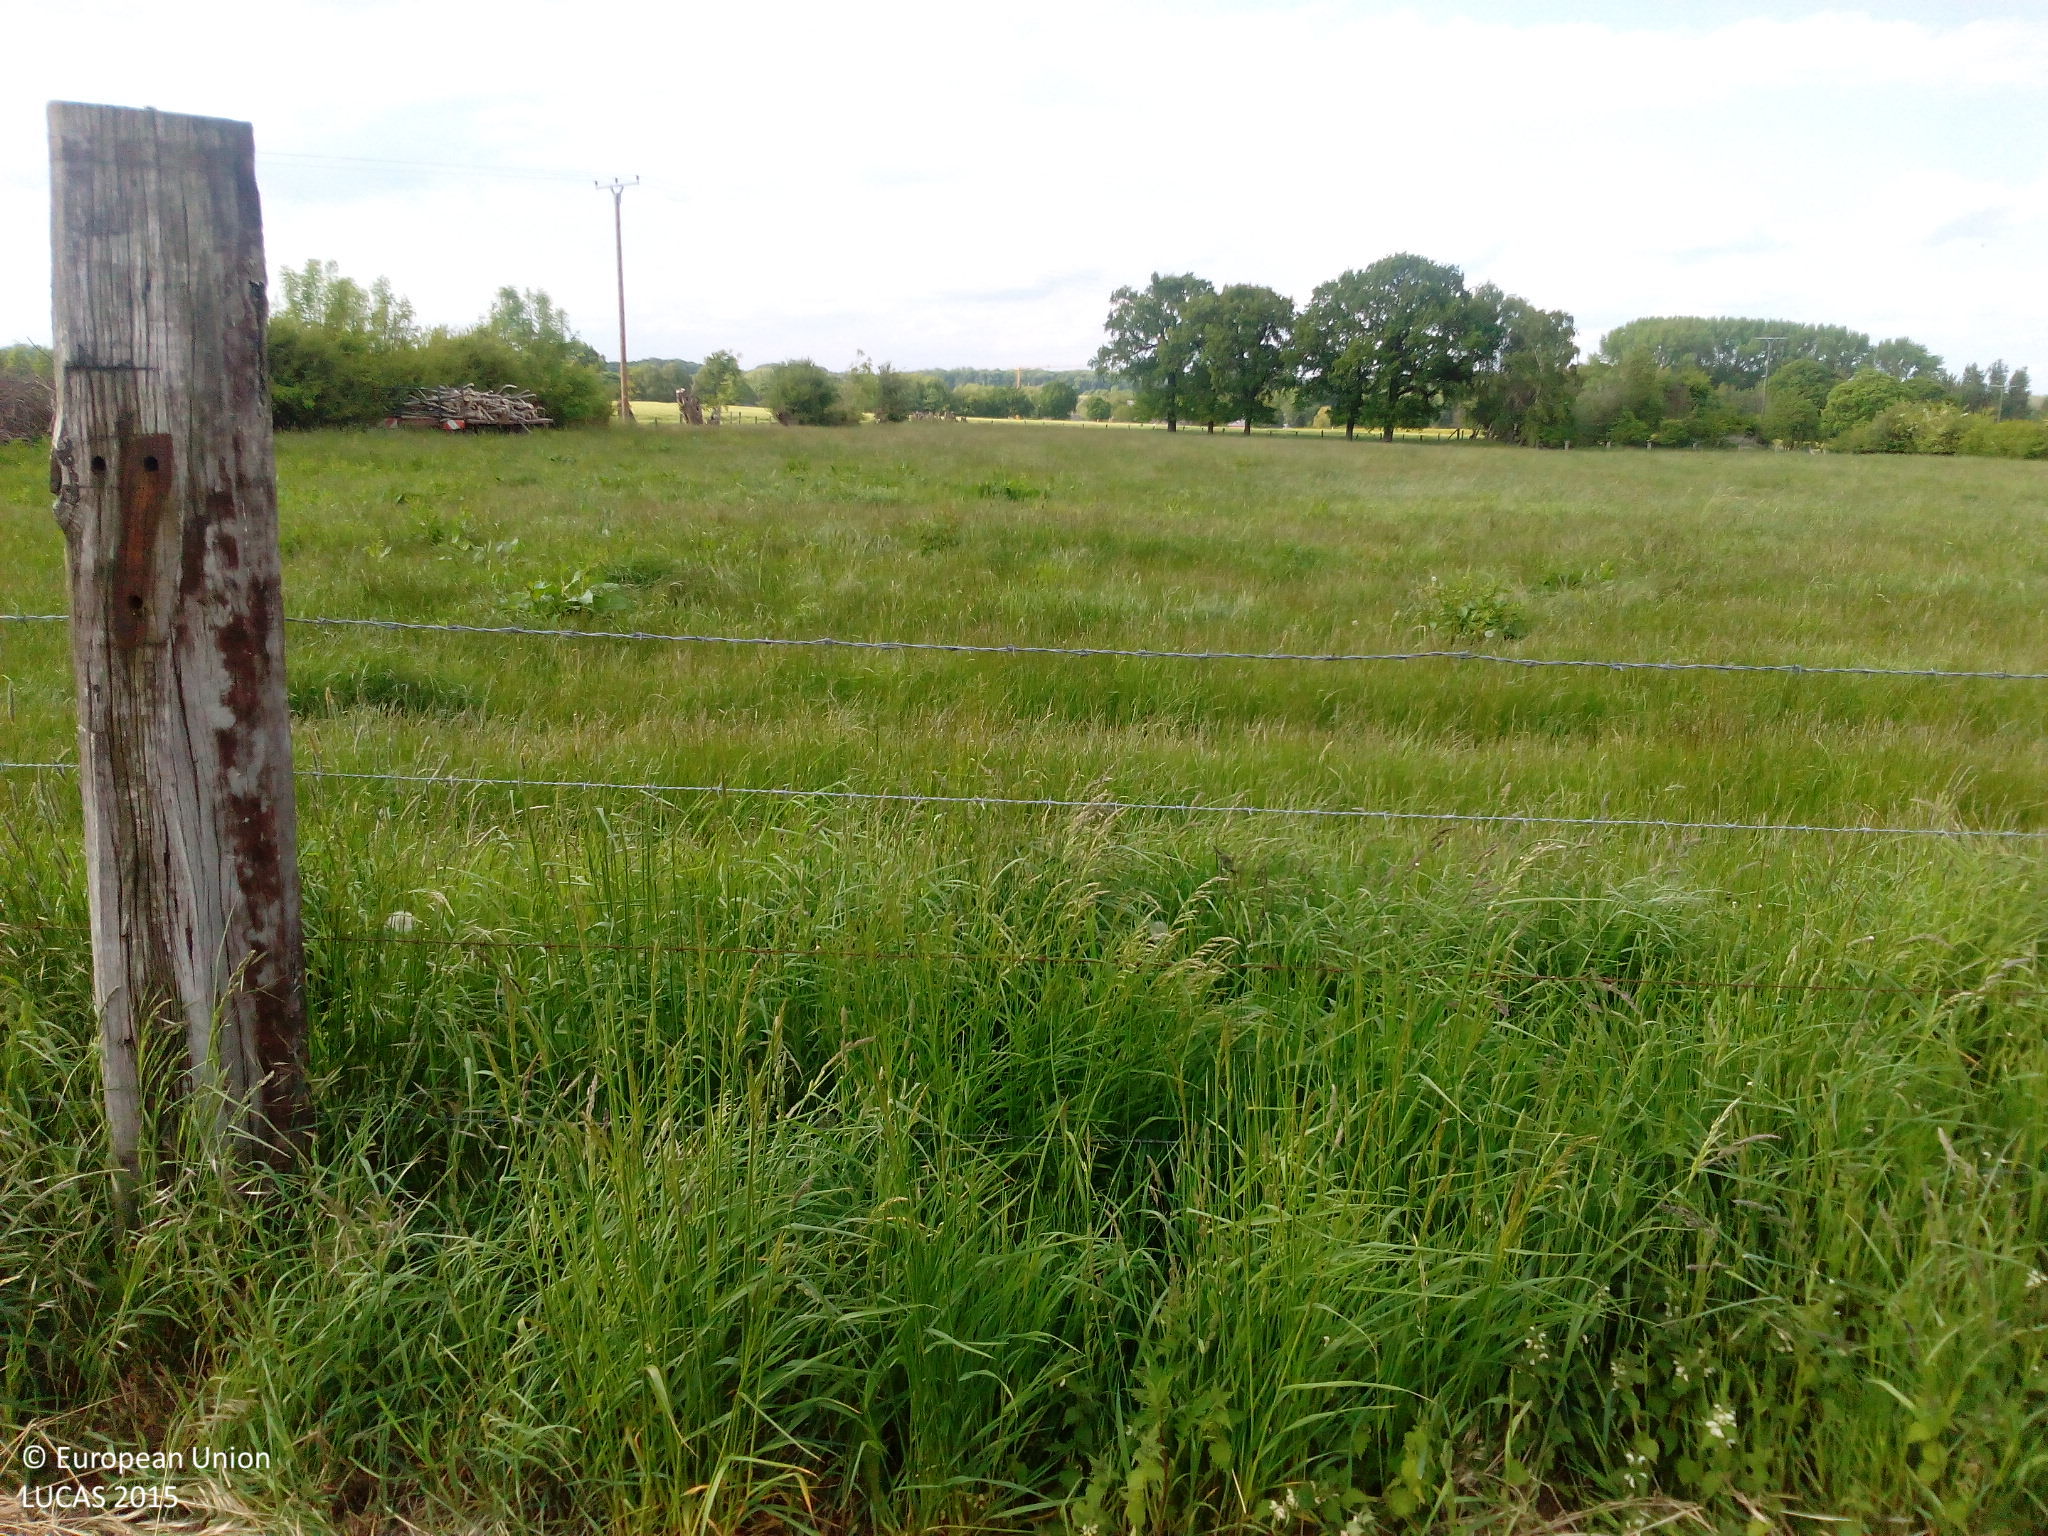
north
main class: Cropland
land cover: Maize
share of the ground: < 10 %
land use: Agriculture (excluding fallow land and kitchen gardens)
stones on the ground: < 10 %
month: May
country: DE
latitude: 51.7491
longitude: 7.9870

--

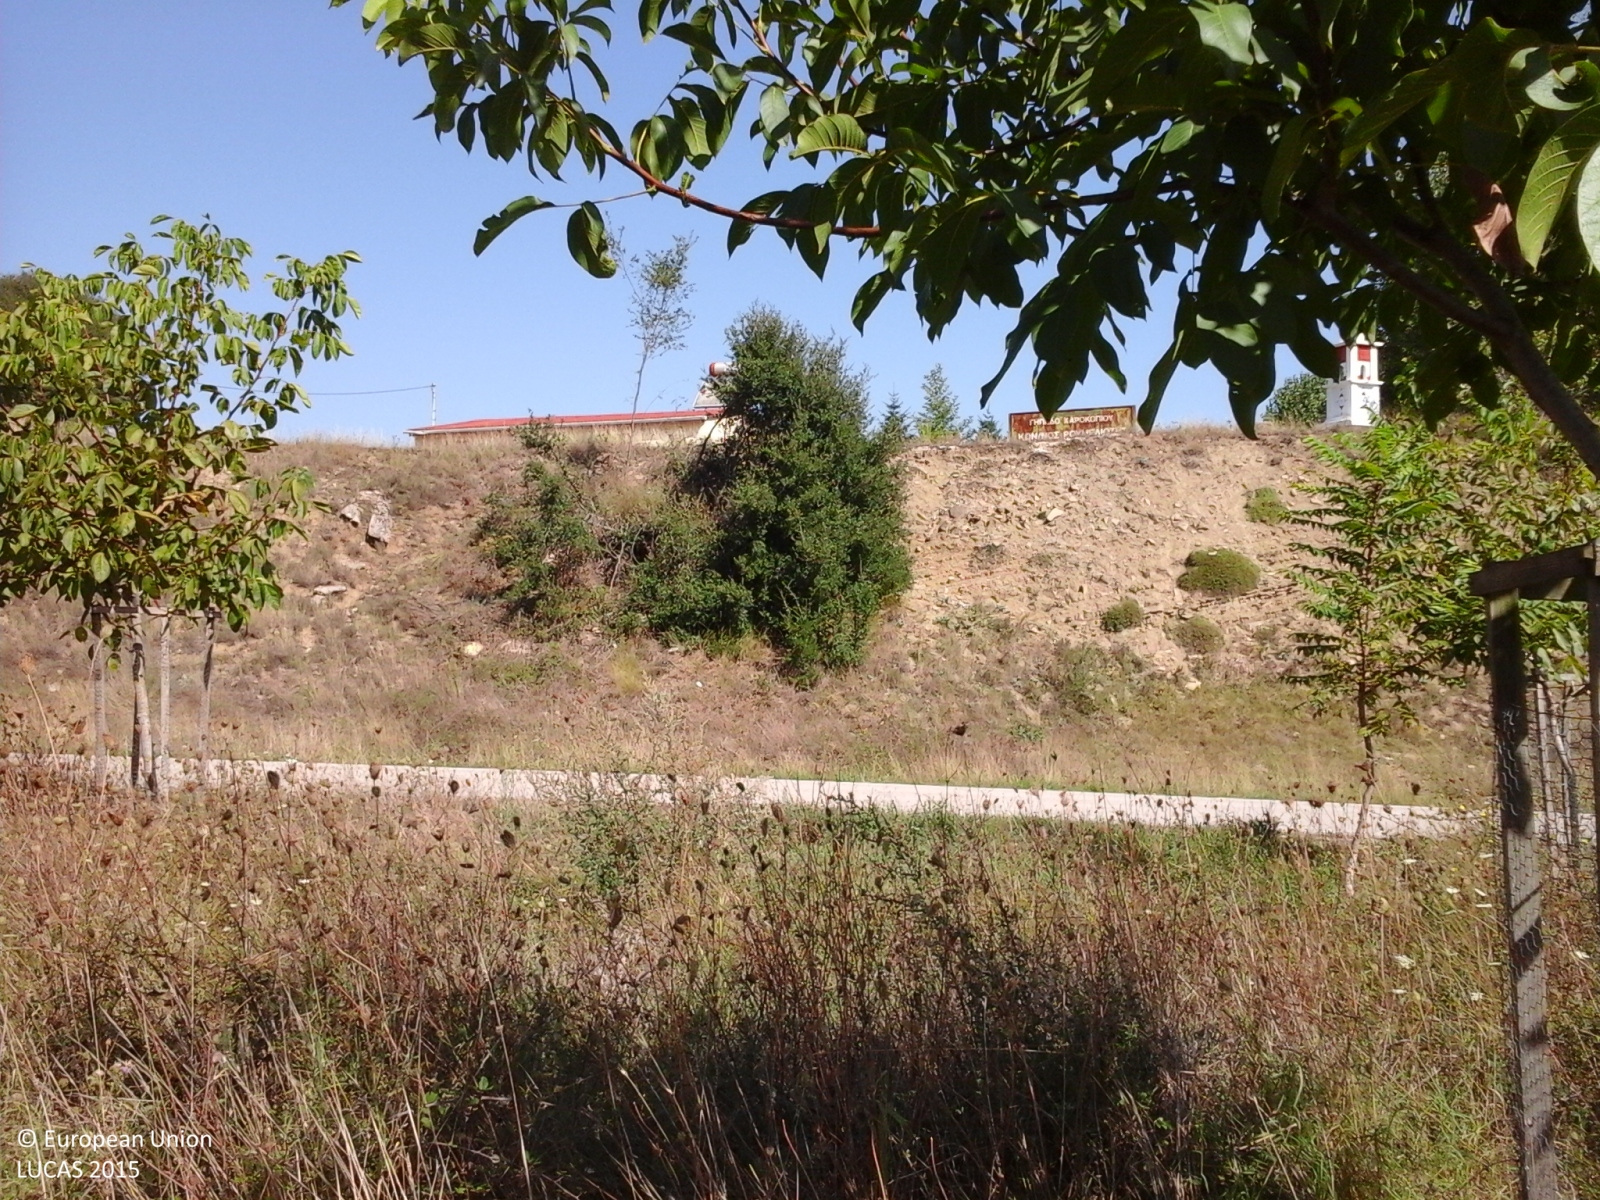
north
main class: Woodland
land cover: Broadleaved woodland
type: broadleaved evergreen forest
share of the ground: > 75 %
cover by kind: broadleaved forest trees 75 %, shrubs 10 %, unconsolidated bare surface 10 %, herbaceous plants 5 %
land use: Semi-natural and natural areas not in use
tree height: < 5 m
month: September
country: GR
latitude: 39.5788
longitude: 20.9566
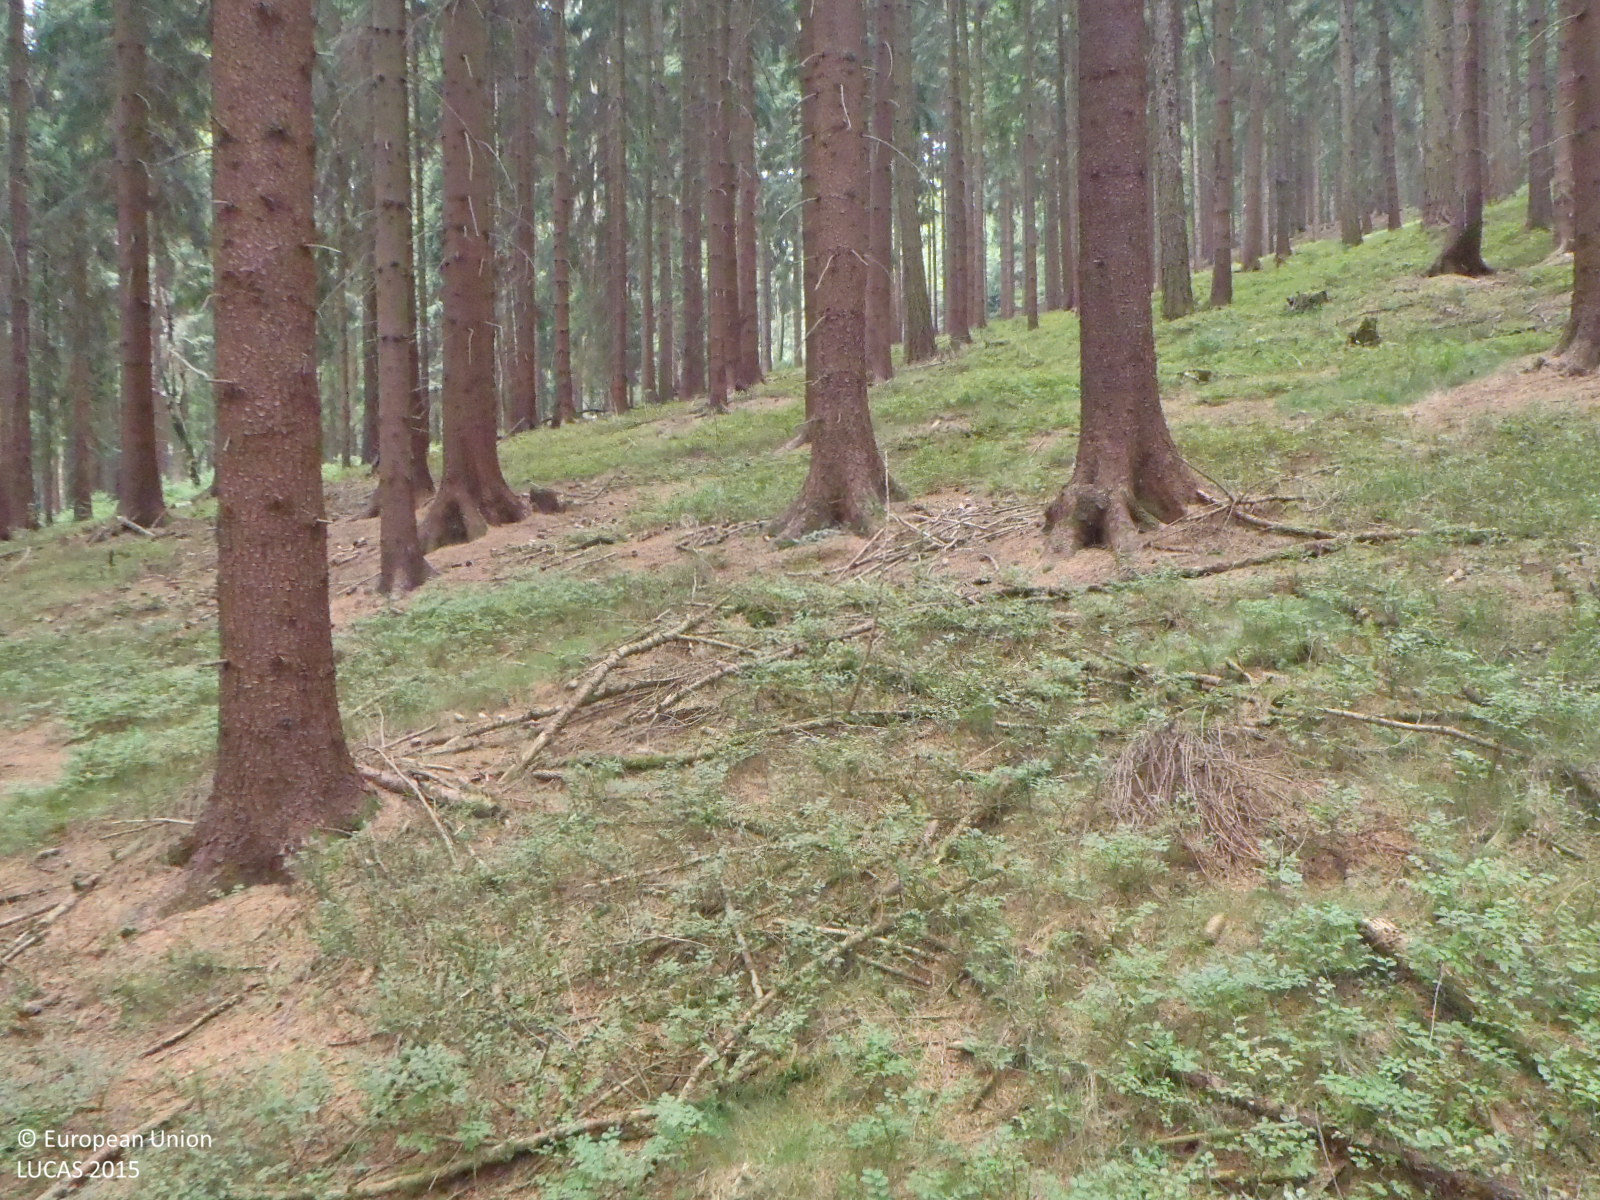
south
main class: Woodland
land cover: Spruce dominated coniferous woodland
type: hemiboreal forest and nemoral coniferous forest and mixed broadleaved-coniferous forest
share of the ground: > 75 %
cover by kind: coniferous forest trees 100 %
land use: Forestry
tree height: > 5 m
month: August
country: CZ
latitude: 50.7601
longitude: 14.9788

### WHAT IS BEING ASKED
Go through the entries and return each line where the word "ground" appears.

### EXPECTED ANSWER
share of the ground: < 10 %
stones on the ground: < 10 %
share of the ground: > 75 %
share of the ground: > 75 %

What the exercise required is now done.